A culture medium, which is a solid or gas designed to support the growth of micro-organisms or cells, is used to feed the microbes and keep them in healthy concentrations. Aim to create a culture that enables the beneficial microbes and discourages the malevolent ones. Nutrient broths can be important in developing a living soil. The wrong media or even an empty media will threaten the existence of the vigor you are hoping to achieve with your crop. Again, chat with the staff at the hydro shop or consult the expert growers in your life for more advice on culture media and how they interact with your selected grow medium.
Microbes & Organic Matter Management
For ultimate success, you can’t ignore the breakdown of organic matter in your system. As it decomposes, organic matter creates natural acids, which will impact the micro-organisms in the system. When pH levels swing wildly, this can indicate that a root disease may be present, as there is a high count of malevolent, sometimes anaerobic, bacteria present creating all this acid. This will generally be accompanied by a rotten odor. Spoiler alert: The organic material that’s decomposing is actually the root system of your plants. Pythium is often the culprit here. Rhizobacteria—the good guys—help bring the pH back down.

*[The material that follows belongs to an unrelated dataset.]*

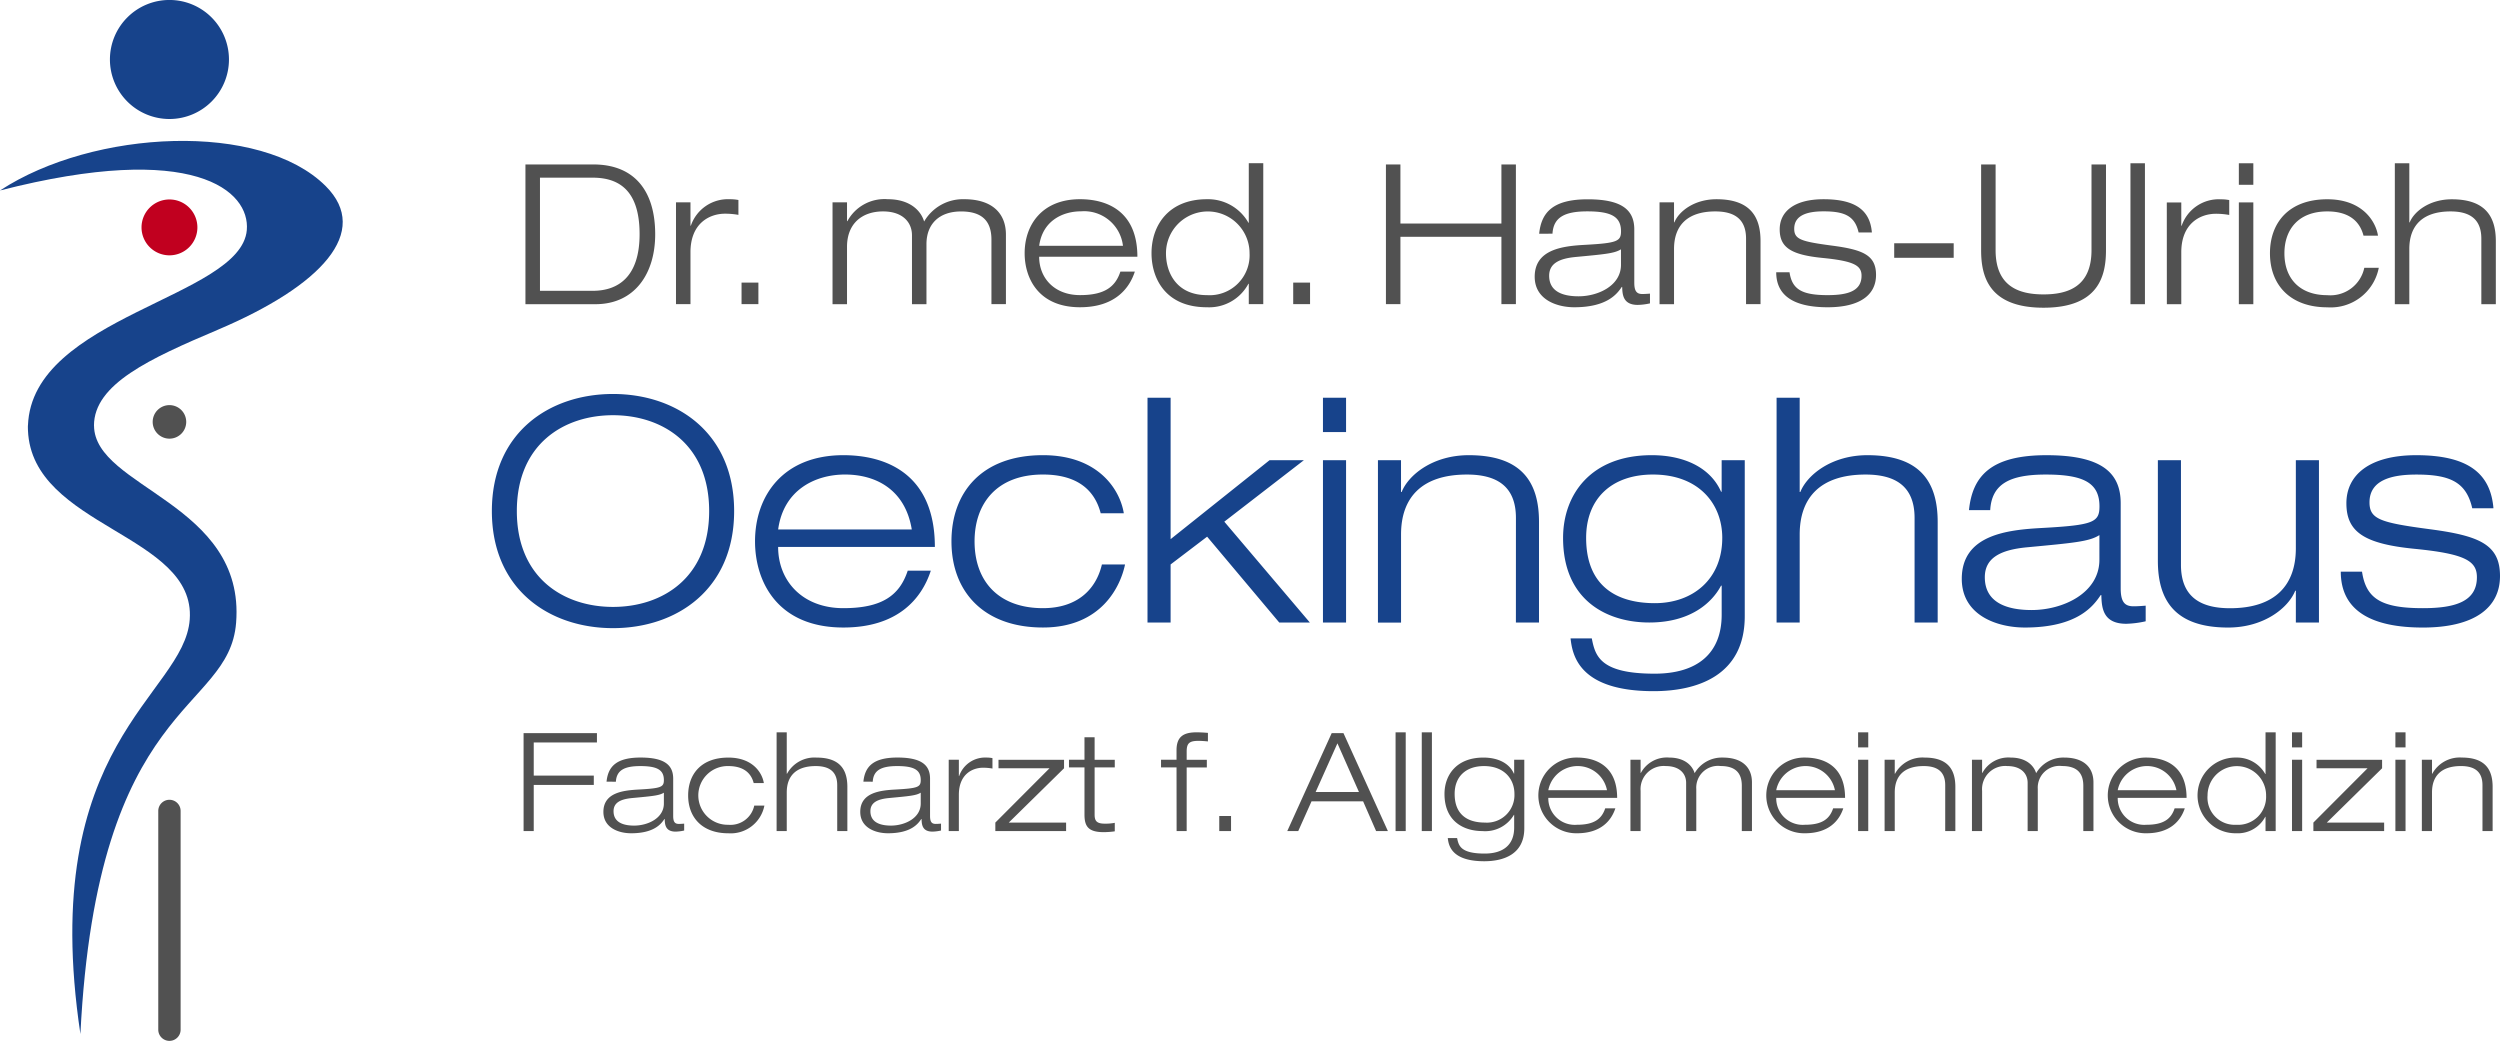 <svg xmlns="http://www.w3.org/2000/svg" width="326.42" height="135.904" viewBox="0 0 326.42 135.904"><g transform="translate(-288 218.904)"><g transform="translate(352.227 -197.586)"><path d="M406.39,264.02h1.325v-5.766c0-2.22-.931-3.832-4.028-3.832a4.082,4.082,0,0,0-3.85,2.113H399.8v-1.826h-1.325v9.311H399.8v-5.05c0-2.113,1.182-3.438,3.778-3.438,1.683,0,2.811.645,2.811,2.489ZM395.02,253.1h1.325v-1.97H395.02Zm0,10.922h1.325v-9.311H395.02Zm-10.708,0h9.239v-1.11h-7.484l7.216-7.09v-1.11h-8.559v1.11h6.661l-7.073,7.09ZM381.519,253.1h1.325v-1.97h-1.325Zm0,10.922h1.325v-9.311h-1.325Zm-3.455,0h1.325V251.128h-1.325v5.443h-.036a4.242,4.242,0,0,0-3.8-2.148,4.943,4.943,0,1,0,0,9.884,4.061,4.061,0,0,0,3.8-2.148h.036Zm.072-4.655a3.654,3.654,0,0,1-3.9,3.832,3.55,3.55,0,0,1-3.743-3.832,3.823,3.823,0,1,1,7.646,0m-11.943,1.683c-.466,1.414-1.468,2.148-3.688,2.148a3.459,3.459,0,0,1-3.743-3.51h8.989c0-4.226-2.847-5.264-5.246-5.264a4.943,4.943,0,1,0,0,9.884c3.079,0,4.476-1.612,5.013-3.259Zm-7.431-2.364a3.905,3.905,0,0,1,7.664,0Zm-4.494,5.336h1.325v-6.357c0-1.915-1.218-3.241-3.832-3.241a4.1,4.1,0,0,0-3.653,2.041c-.268-.932-1.235-2.041-3.33-2.041a3.853,3.853,0,0,0-3.688,2.005h-.036v-1.719h-1.325v9.311h1.325v-5.246a3.023,3.023,0,0,1,3.295-3.241c1.808,0,2.65,1,2.65,2.185v6.3h1.325v-5.5a2.837,2.837,0,0,1,3.17-2.99c1.916,0,2.775.877,2.775,2.579Zm-18.031,0h1.325v-5.766c0-2.22-.931-3.832-4.028-3.832a4.082,4.082,0,0,0-3.85,2.113h-.035v-1.826h-1.325v9.311h1.325v-5.05c0-2.113,1.182-3.438,3.778-3.438,1.683,0,2.812.645,2.812,2.489ZM324.867,253.1h1.325v-1.97h-1.325Zm0,10.922h1.325v-9.311h-1.325Zm-3.259-2.972c-.466,1.414-1.468,2.148-3.689,2.148a3.459,3.459,0,0,1-3.742-3.51h8.988c0-4.226-2.847-5.264-5.246-5.264a4.943,4.943,0,1,0,0,9.884c3.08,0,4.477-1.612,5.014-3.259Zm-7.431-2.364a3.905,3.905,0,0,1,7.664,0Zm-4.495,5.336h1.325v-6.357c0-1.915-1.217-3.241-3.832-3.241a4.1,4.1,0,0,0-3.653,2.041c-.268-.932-1.235-2.041-3.33-2.041a3.855,3.855,0,0,0-3.689,2.005h-.035v-1.719h-1.325v9.311h1.325v-5.246a3.023,3.023,0,0,1,3.295-3.241c1.808,0,2.65,1,2.65,2.185v6.3h1.325v-5.5a2.837,2.837,0,0,1,3.17-2.99c1.915,0,2.775.877,2.775,2.579Zm-17.834-2.972c-.465,1.414-1.468,2.148-3.688,2.148a3.459,3.459,0,0,1-3.743-3.51h8.989c0-4.226-2.847-5.264-5.246-5.264a4.943,4.943,0,1,0,0,9.884c3.08,0,4.476-1.612,5.013-3.259Zm-7.431-2.364a3.905,3.905,0,0,1,7.664,0Zm-4.458-2.166h-.036c-.626-1.415-2.166-2.095-3.975-2.095-3.51,0-5.085,2.274-5.085,4.745,0,3.635,2.578,4.852,4.942,4.852a4.348,4.348,0,0,0,4.118-2.113h.036v1.665c0,2.238-1.415,3.384-3.85,3.384-3.133,0-3.4-1.021-3.6-2.024h-1.217c.107,1,.519,3.026,4.762,3.026,2.453,0,5.228-.859,5.228-4.3v-8.953H279.96Zm.036,2.65a3.6,3.6,0,0,1-3.868,3.742c-2.238,0-3.939-1.021-3.939-3.742,0-2.292,1.5-3.635,3.832-3.635,2.632,0,3.975,1.683,3.975,3.635m-12.1,4.852h1.325V251.128h-1.325Zm-3.42,0H265.8V251.128h-1.325Zm-2.542,0h1.54l-5.8-12.785h-1.54l-5.8,12.785h1.433l1.737-3.886h6.732Zm-2.238-5.1h-5.658l2.846-6.357Zm-18.242,5.1h1.54v-1.97h-1.54Zm-5.568,0H237.2v-8.308h2.632v-1H237.2v-1.092c0-1.074.358-1.379,1.54-1.379.412,0,.824.036,1.235.072V251.2c-.412-.036-.985-.072-1.486-.072-1.737,0-2.614.591-2.614,2.346v1.235h-2.024v1h2.024Zm-12.029-9.311h-2.024v1h2.024v6.142c0,1.5.447,2.31,2.506,2.31a10.652,10.652,0,0,0,1.45-.107v-1.11a6.391,6.391,0,0,1-1.307.107c-1.074,0-1.325-.376-1.325-1.182v-6.159h2.632v-1h-2.632v-2.937h-1.325Zm-11.639,9.311h9.239v-1.11h-7.484l7.216-7.09v-1.11h-8.559v1.11h6.661l-7.073,7.09Zm-6.088,0h1.325v-4.745c0-2.65,1.737-3.527,3.169-3.527a6.993,6.993,0,0,1,1.218.107v-1.361a3.9,3.9,0,0,0-.788-.072,3.583,3.583,0,0,0-3.563,2.417h-.035v-2.131h-1.325Zm-9.92-6.446c.09-1.486,1.092-2.041,3.188-2.041,2.184,0,3.079.484,3.079,1.826,0,.914-.358,1.075-3.259,1.235-2.041.108-4.637.394-4.637,2.919,0,2.1,2.023,2.793,3.617,2.793,3.044,0,3.939-1.254,4.351-1.862h.036c.018.734.09,1.647,1.432,1.647a5.614,5.614,0,0,0,1.11-.143v-.9c-.233.018-.466.036-.7.036-.519,0-.734-.269-.734-1.039v-4.87c0-1.791-1.146-2.757-4.262-2.757-3.187,0-4.244,1.2-4.441,3.151Zm6.267,2.847c0,1.916-2.095,2.883-3.885,2.883-1.433,0-2.686-.43-2.686-1.88,0-1.11.895-1.576,2.435-1.719,2.65-.25,3.545-.322,4.136-.7Zm-18.818,3.6h1.325v-5.05c0-2.113,1.181-3.438,3.778-3.438,1.683,0,2.811.645,2.811,2.489v6h1.325v-5.766c0-2.22-.931-3.832-4.029-3.832a4.081,4.081,0,0,0-3.85,2.113h-.035v-5.408h-1.325Zm-2.919-3.33a3.168,3.168,0,0,1-3.384,2.506,3.833,3.833,0,1,1,0-7.664c1.647,0,2.9.627,3.312,2.221h1.325c-.215-1.343-1.45-3.33-4.637-3.33-3.528,0-5.246,2.148-5.246,4.942,0,2.919,1.88,4.942,5.246,4.942a4.478,4.478,0,0,0,4.709-3.617Zm-18.067-3.116c.09-1.486,1.092-2.041,3.188-2.041,2.184,0,3.079.484,3.079,1.826,0,.914-.358,1.075-3.259,1.235-2.041.108-4.637.394-4.637,2.919,0,2.1,2.023,2.793,3.617,2.793,3.044,0,3.939-1.254,4.351-1.862h.036c.018.734.09,1.647,1.432,1.647a5.615,5.615,0,0,0,1.11-.143v-.9c-.233.018-.466.036-.7.036-.519,0-.734-.269-.734-1.039v-4.87c0-1.791-1.146-2.757-4.262-2.757-3.187,0-4.244,1.2-4.441,3.151Zm6.267,2.847c0,1.916-2.095,2.883-3.885,2.883-1.433,0-2.686-.43-2.686-1.88,0-1.11.895-1.576,2.435-1.719,2.65-.25,3.545-.322,4.136-.7Zm-18.317,3.6h1.325V258h7.842v-1.218h-7.842v-4.333H160.2v-1.218h-9.58Z" transform="translate(-146.485 -176.828)" fill="#515151"/><path d="M405.549,197.575c-.367-4.443-3.18-6.93-10.069-6.93-6.155,0-9.131,2.609-9.131,6.277,0,3.75,2.324,5.3,8.928,5.951s8.112,1.59,8.112,3.71c0,3.18-2.854,4.036-7.052,4.036-5.422,0-7.419-1.223-7.949-4.77h-2.772c0,5.1,3.995,7.3,10.721,7.3,6.644,0,10.069-2.527,10.069-6.726,0-4.117-2.691-5.259-9.172-6.115-6.441-.856-7.868-1.3-7.868-3.506,0-2.935,2.935-3.628,6.115-3.628,4.4,0,6.523.979,7.3,4.4Zm-25.8,14.92h3.017V191.3h-3.017v11.5c0,4.81-2.69,7.827-8.6,7.827-3.832,0-6.4-1.468-6.4-5.666V191.3h-3.016v13.126c0,5.055,2.119,8.723,9.172,8.723,4.688,0,7.867-2.568,8.764-4.81h.082Zm-39.908-14.675c.2-3.383,2.487-4.647,7.256-4.647,4.973,0,7.011,1.1,7.011,4.158,0,2.079-.815,2.446-7.419,2.813-4.648.245-10.559.9-10.559,6.644,0,4.77,4.606,6.359,8.235,6.359,6.93,0,8.968-2.854,9.906-4.239h.082c.041,1.672.2,3.75,3.261,3.75a12.8,12.8,0,0,0,2.528-.326v-2.039c-.53.041-1.06.082-1.59.082-1.183,0-1.672-.612-1.672-2.365V196.923c0-4.076-2.609-6.277-9.7-6.277-7.256,0-9.661,2.731-10.109,7.174ZM354.1,204.3c0,4.362-4.769,6.563-8.846,6.563-3.261,0-6.115-.979-6.115-4.281,0-2.527,2.039-3.587,5.544-3.913,6.033-.571,8.071-.734,9.417-1.59Zm-42.15,8.193h3.017V201c0-4.81,2.69-7.827,8.6-7.827,3.832,0,6.4,1.468,6.4,5.666v13.656h3.017V199.369c0-5.055-2.12-8.724-9.172-8.724-4.688,0-7.868,2.568-8.764,4.81h-.081V183.145h-3.017Zm-7.174-17.08H304.7c-1.426-3.22-4.932-4.769-9.05-4.769-7.99,0-11.577,5.177-11.577,10.8,0,8.275,5.87,11.047,11.251,11.047,5.462,0,8.234-2.65,9.375-4.81h.082v3.792c0,5.1-3.221,7.7-8.764,7.7-7.134,0-7.746-2.324-8.194-4.606h-2.772c.244,2.283,1.182,6.889,10.843,6.889,5.585,0,11.9-1.957,11.9-9.783V191.3h-3.016Zm.081,6.033c0,5.381-3.832,8.52-8.805,8.52-5.1,0-8.968-2.324-8.968-8.52,0-5.218,3.424-8.275,8.724-8.275,5.992,0,9.05,3.832,9.05,8.275m-26.945,11.047h3.017V199.369c0-5.055-2.12-8.724-9.172-8.724-4.688,0-7.868,2.568-8.764,4.81h-.081V191.3H259.9v21.2h3.017V201c0-4.81,2.69-7.827,8.6-7.827,3.831,0,6.4,1.468,6.4,5.666Zm-25.192-24.866h3.017v-4.484h-3.017Zm0,24.866h3.017V191.3h-3.017Zm-22.909,0h3.017v-7.582l4.769-3.628,9.417,11.21h3.995l-11.169-13.167,10.395-8.03h-4.484l-12.922,10.313V183.145h-3.017Zm-5.952-7.582c-.774,3.3-3.261,5.707-7.7,5.707-5.748,0-8.928-3.465-8.928-8.724,0-4.892,2.854-8.724,8.928-8.724,3.75,0,6.6,1.427,7.541,5.055h3.017c-.489-3.057-3.3-7.582-10.558-7.582-8.031,0-11.944,4.892-11.944,11.251,0,6.644,4.28,11.251,11.944,11.251,7.7,0,10.15-5.462,10.721-8.234Zm-25.355.815c-1.06,3.221-3.343,4.892-8.4,4.892-5.381,0-8.52-3.588-8.52-7.99h20.464c0-9.62-6.481-11.984-11.944-11.984-7.908,0-11.537,5.34-11.537,11.251,0,5.177,2.853,11.251,11.537,11.251,7.012,0,10.191-3.668,11.414-7.419Zm-16.917-5.381c.693-5.177,4.851-7.175,8.724-7.175,4.035,0,7.867,1.957,8.723,7.175Zm-34.119-2.405c0-8.764,6.155-12.515,12.555-12.515s12.555,3.75,12.555,12.515-6.155,12.515-12.555,12.515-12.555-3.75-12.555-12.515m-3.261,0c0,10.273,7.541,15.287,15.816,15.287s15.816-5.014,15.816-15.287-7.541-15.287-15.816-15.287-15.816,5.014-15.816,15.287" transform="translate(-144.212 -152.53)" fill="#17438b"/><path d="M395.082,154.36h1.891v-7.206c0-3.015,1.686-4.906,5.392-4.906,2.4,0,4.012.92,4.012,3.552v8.561h1.892v-8.228c0-3.169-1.329-5.469-5.75-5.469-2.939,0-4.932,1.61-5.494,3.015h-.051v-7.717h-1.891Zm-3.986-4.753a4.522,4.522,0,0,1-4.83,3.577c-3.6,0-5.6-2.172-5.6-5.469,0-3.066,1.789-5.468,5.6-5.468,2.351,0,4.14.894,4.728,3.169h1.891c-.306-1.917-2.07-4.754-6.619-4.754-5.034,0-7.488,3.066-7.488,7.053,0,4.166,2.683,7.053,7.488,7.053a6.39,6.39,0,0,0,6.721-5.162Zm-16.38-10.835h1.891v-2.811h-1.891Zm0,15.588h1.891V141.072h-1.891Zm-9.4,0H367.2v-6.772c0-3.782,2.479-5.034,4.523-5.034a10.006,10.006,0,0,1,1.737.154v-1.942a5.552,5.552,0,0,0-1.125-.1,5.114,5.114,0,0,0-5.085,3.45H367.2v-3.041h-1.891Zm-4.753,0h1.891v-18.4h-1.891Zm-3.194-18.246h-1.892v11.193c0,4.779-3.092,5.775-6.261,5.775s-6.26-1-6.26-5.775V136.115h-1.891v11.193c0,3.322.92,7.513,8.151,7.513s8.152-4.191,8.152-7.513ZM329.716,148.3h7.768v-1.891h-7.768Zm-2.914-3.3c-.23-2.786-1.993-4.344-6.312-4.344-3.859,0-5.724,1.635-5.724,3.935,0,2.351,1.457,3.322,5.6,3.731s5.086,1,5.086,2.326c0,1.993-1.789,2.53-4.421,2.53-3.4,0-4.651-.766-4.983-2.99h-1.737c0,3.194,2.5,4.574,6.721,4.574,4.166,0,6.312-1.585,6.312-4.217,0-2.581-1.686-3.3-5.75-3.833-4.038-.537-4.932-.818-4.932-2.2,0-1.84,1.84-2.274,3.833-2.274,2.76,0,4.089.614,4.575,2.76Zm-16.431,9.353h1.892v-8.228c0-3.169-1.329-5.469-5.75-5.469-2.939,0-4.931,1.61-5.494,3.015h-.051v-2.606h-1.891V154.36h1.891v-7.206c0-3.015,1.686-4.906,5.392-4.906,2.4,0,4.012.92,4.012,3.552Zm-25.272-9.2c.128-2.121,1.559-2.913,4.548-2.913,3.118,0,4.4.69,4.4,2.606,0,1.3-.511,1.534-4.651,1.763-2.913.154-6.619.563-6.619,4.166,0,2.99,2.888,3.986,5.162,3.986,4.344,0,5.622-1.789,6.21-2.658h.051c.025,1.048.128,2.351,2.044,2.351a8.044,8.044,0,0,0,1.584-.2V152.98c-.332.026-.664.051-1,.051-.741,0-1.048-.383-1.048-1.482V144.6c0-2.555-1.635-3.935-6.082-3.935-4.549,0-6.057,1.712-6.338,4.5Zm8.944,4.063c0,2.735-2.99,4.115-5.545,4.115-2.044,0-3.833-.614-3.833-2.683,0-1.584,1.278-2.249,3.475-2.454,3.783-.357,5.06-.46,5.9-1Zm-30.69,5.137h1.892v-8.791h13.186v8.791h1.891V136.115h-1.891v7.717H265.244v-7.717h-1.892Zm-12.107,0h2.2v-2.811h-2.2Zm-5.8,0h1.891v-18.4h-1.891v7.768h-.051a6.053,6.053,0,0,0-5.417-3.066c-4.957,0-7.232,3.348-7.232,7.053,0,3.246,1.789,7.053,7.232,7.053a5.8,5.8,0,0,0,5.417-3.066h.051Zm.1-6.644a5.216,5.216,0,0,1-5.571,5.469c-3.859,0-5.341-2.811-5.341-5.469a5.456,5.456,0,1,1,10.912,0m-16.866,2.4c-.665,2.019-2.1,3.066-5.264,3.066-3.373,0-5.341-2.249-5.341-5.009H230.9c0-6.03-4.063-7.513-7.488-7.513-4.957,0-7.232,3.348-7.232,7.053,0,3.246,1.789,7.053,7.232,7.053,4.4,0,6.388-2.3,7.155-4.651Zm-10.6-3.374c.434-3.245,3.041-4.5,5.468-4.5a5.107,5.107,0,0,1,5.468,4.5Zm-6.235,7.615h1.891v-9.071c0-2.735-1.738-4.626-5.468-4.626a5.851,5.851,0,0,0-5.213,2.914c-.383-1.329-1.763-2.914-4.753-2.914a5.5,5.5,0,0,0-5.264,2.862h-.051v-2.453h-1.891V154.36h1.891v-7.488c0-3.066,1.993-4.625,4.7-4.625,2.581,0,3.782,1.431,3.782,3.117v9h1.891v-7.845c0-2.581,1.61-4.268,4.523-4.268,2.735,0,3.961,1.252,3.961,3.68Zm-32.628,0h2.2v-2.811h-2.2Zm-8.56,0h1.891v-6.772c0-3.782,2.479-5.034,4.523-5.034a10.007,10.007,0,0,1,1.737.154v-1.942a5.552,5.552,0,0,0-1.124-.1,5.114,5.114,0,0,0-5.085,3.45h-.051v-3.041h-1.891Zm-17.76-16.508h6.9c4.216,0,6.107,2.555,6.107,7.385,0,5.6-2.836,7.386-6.107,7.386h-6.9ZM151,154.36h9.148c5.111,0,7.794-3.986,7.794-9.123,0-5.724-2.76-9.122-8.075-9.122H151Z" transform="translate(-146.621 -135.961)" fill="#515151"/></g><g transform="translate(288 -218.904)"><path d="M74.676,104.6a7.771,7.771,0,1,1-7.771,7.771,7.771,7.771,0,0,1,7.771-7.771" transform="translate(-52.552 -104.604)" fill="#17438b"/><path d="M76.689,296.486v-28.56a1.459,1.459,0,0,1,2.918,0v28.56a1.459,1.459,0,1,1-2.918,0" transform="translate(-56.024 -162.041)" fill="#515151"/><path d="M76.945,144.973A3.647,3.647,0,1,1,73.3,148.62a3.647,3.647,0,0,1,3.648-3.647" transform="translate(-54.821 -118.929)" fill="#c1001f"/><path d="M77.747,186.594a2.189,2.189,0,1,1-2.188,2.188,2.189,2.189,0,0,1,2.188-2.188" transform="translate(-55.623 -133.698)" fill="#515151"/><path d="M73.071,157.789c13.591-5.757,20.073-12.807,14.117-18.763-8.445-8.445-30.276-7.455-42.53.567,25.4-6.513,32.666.066,32.226,5.17C76.121,153.6,48.819,156,48.308,170.292H48.3c0,.106-.005.21,0,.317s.006.209.009.314h0c.528,12.658,21.942,13.521,21.122,24.685-.732,9.964-19.985,16.067-14.275,54.12,2.188-43.863,19.389-41.8,20.33-53.689,1.238-15.638-18.518-17.6-18.552-25.747h-.006c0-5.416,7.307-8.76,16.144-12.5" transform="translate(-44.658 -114.723)" fill="#17438b"/></g></g></svg>

Beyond Endophytes: Plant Hormones
Plant hormones such as auxins and ethylene are not endophytes, but they are another important factor to consider when discussing micro-organisms in the garden. Auxins have a major role in the coordination of plant growth processes. Plant body and cell production depend on these hormones in helping to direct plant growth behavior, their reaction to the environment, and development of things like leaves and flowers.
Some auxins assist in the development of lateral roots, which in turn are key for better uptake of nutrients. Keeping ethylene levels low typically helps plant root growth, and many rhizobacteria contain an enzyme that has a key role in separating and isolating plant-produced ethylene and can help strengthen and improve plant vigor.
There are other classes of phytohormones that participate in providing similar benefits. Is it any wonder that we often encounter one plant doing well, while other plants, when given the same light/sun, water and nutrition, are failing? It all has to do with the interaction between microbes, plant hormones and the like.